» Exercise instructions: Leave every picture out and write out the records below exactly.

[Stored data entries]
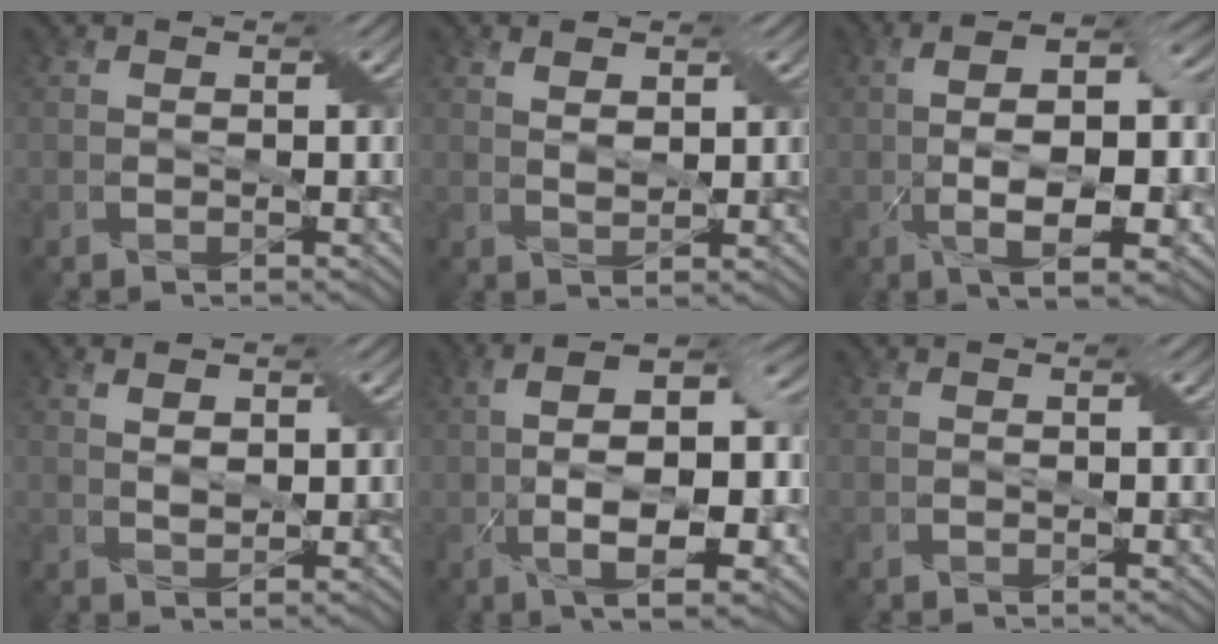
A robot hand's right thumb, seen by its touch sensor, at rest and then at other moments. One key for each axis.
{"total": 2.2, "fx": 1.3, "fy": 1.0, "fz": 1.5, "tx": -0.031, "ty": -0.003, "tz": 0.027}
{"total": 10.2, "fx": -1.6, "fy": 3.6, "fz": 9.4, "tx": -0.166, "ty": 0.003, "tz": -0.027}
{"total": 2.2, "fx": 1.1, "fy": 1.0, "fz": 1.7, "tx": -0.035, "ty": -0.002, "tz": 0.023}
{"total": 11.4, "fx": -1.5, "fy": 4.3, "fz": 10.5, "tx": -0.182, "ty": 0.008, "tz": -0.024}
{"total": 0.0}
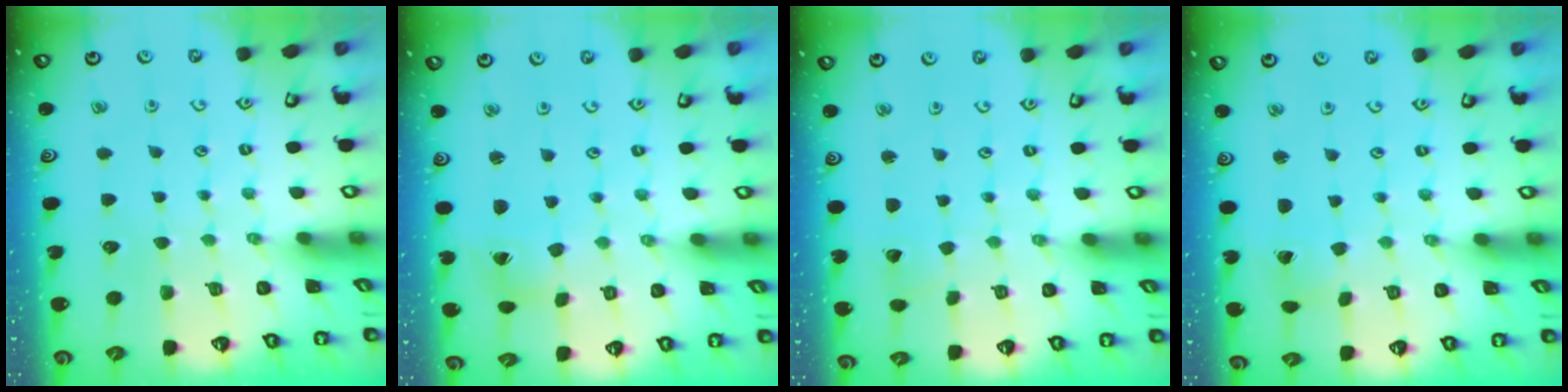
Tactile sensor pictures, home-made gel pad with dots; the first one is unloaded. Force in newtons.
{"total": 1.3, "press": 1.3, "slide": 0.1}
{"total": 1.6, "press": 1.6, "slide": 0.1}
{"total": 1.1, "press": 1.1, "slide": 0.1}
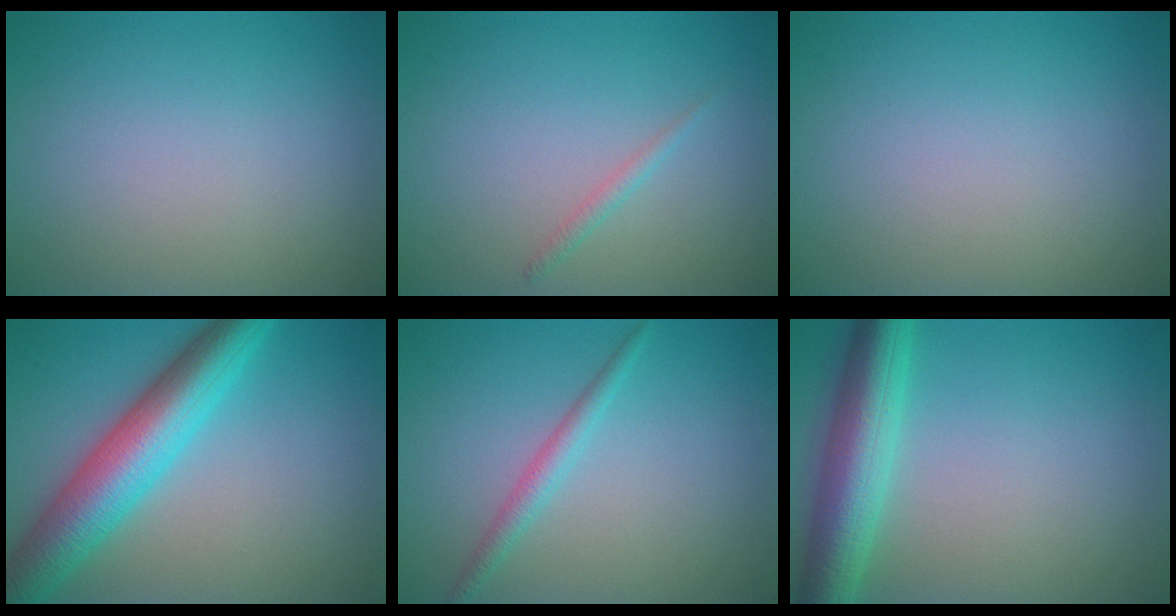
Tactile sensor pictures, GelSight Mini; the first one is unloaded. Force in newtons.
{"total": 0.9, "press": 0.9, "slide": 0.1}
{"total": 0.0}
{"total": 8.3, "press": 8.3, "slide": 0.1}
{"total": 1.8, "press": 1.8, "slide": 0.1}
{"total": 6.6, "press": 6.6, "slide": 0.2}
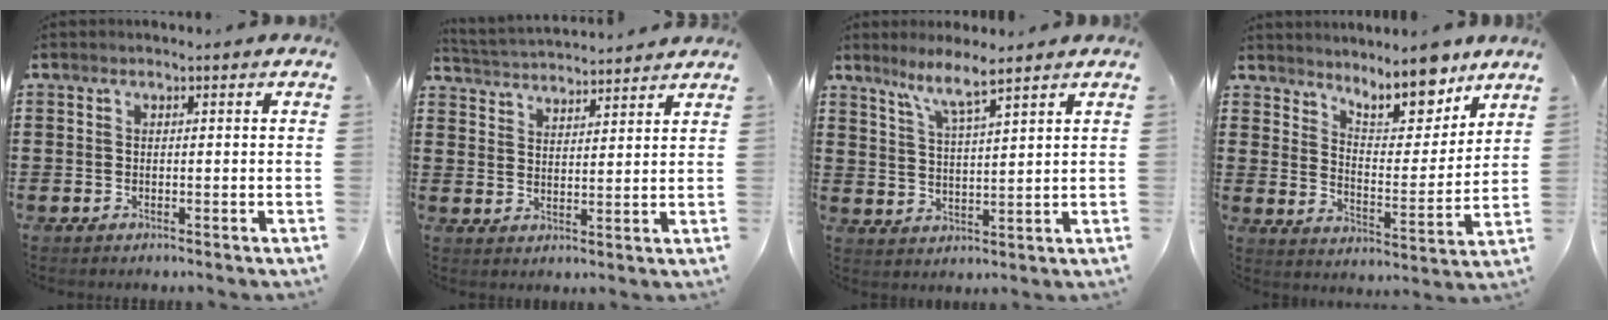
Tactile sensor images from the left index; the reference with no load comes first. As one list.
[{"total": 3.2, "force": [3.2, -0.2, -0.2], "torque": [-0.012, -0.021, 0.054]}, {"total": 5.1, "force": [4.3, -0.6, 2.7], "torque": [-0.068, -0.019, 0.073]}, {"total": 9.9, "force": [8.7, 2.3, 4.2], "torque": [-0.068, -0.056, 0.153]}]

» Task solution:
A robot hand's right thumb, seen by its touch sensor, at rest and then at other moments. One key for each axis.
{"total": 2.2, "fx": 1.3, "fy": 1.0, "fz": 1.5, "tx": -0.031, "ty": -0.003, "tz": 0.027}
{"total": 10.2, "fx": -1.6, "fy": 3.6, "fz": 9.4, "tx": -0.166, "ty": 0.003, "tz": -0.027}
{"total": 2.2, "fx": 1.1, "fy": 1.0, "fz": 1.7, "tx": -0.035, "ty": -0.002, "tz": 0.023}
{"total": 11.4, "fx": -1.5, "fy": 4.3, "fz": 10.5, "tx": -0.182, "ty": 0.008, "tz": -0.024}
{"total": 0.0}
Tactile sensor pictures, home-made gel pad with dots; the first one is unloaded. Force in newtons.
{"total": 1.3, "press": 1.3, "slide": 0.1}
{"total": 1.6, "press": 1.6, "slide": 0.1}
{"total": 1.1, "press": 1.1, "slide": 0.1}
Tactile sensor pictures, GelSight Mini; the first one is unloaded. Force in newtons.
{"total": 0.9, "press": 0.9, "slide": 0.1}
{"total": 0.0}
{"total": 8.3, "press": 8.3, "slide": 0.1}
{"total": 1.8, "press": 1.8, "slide": 0.1}
{"total": 6.6, "press": 6.6, "slide": 0.2}
Tactile sensor images from the left index; the reference with no load comes first. As one list.
[{"total": 3.2, "force": [3.2, -0.2, -0.2], "torque": [-0.012, -0.021, 0.054]}, {"total": 5.1, "force": [4.3, -0.6, 2.7], "torque": [-0.068, -0.019, 0.073]}, {"total": 9.9, "force": [8.7, 2.3, 4.2], "torque": [-0.068, -0.056, 0.153]}]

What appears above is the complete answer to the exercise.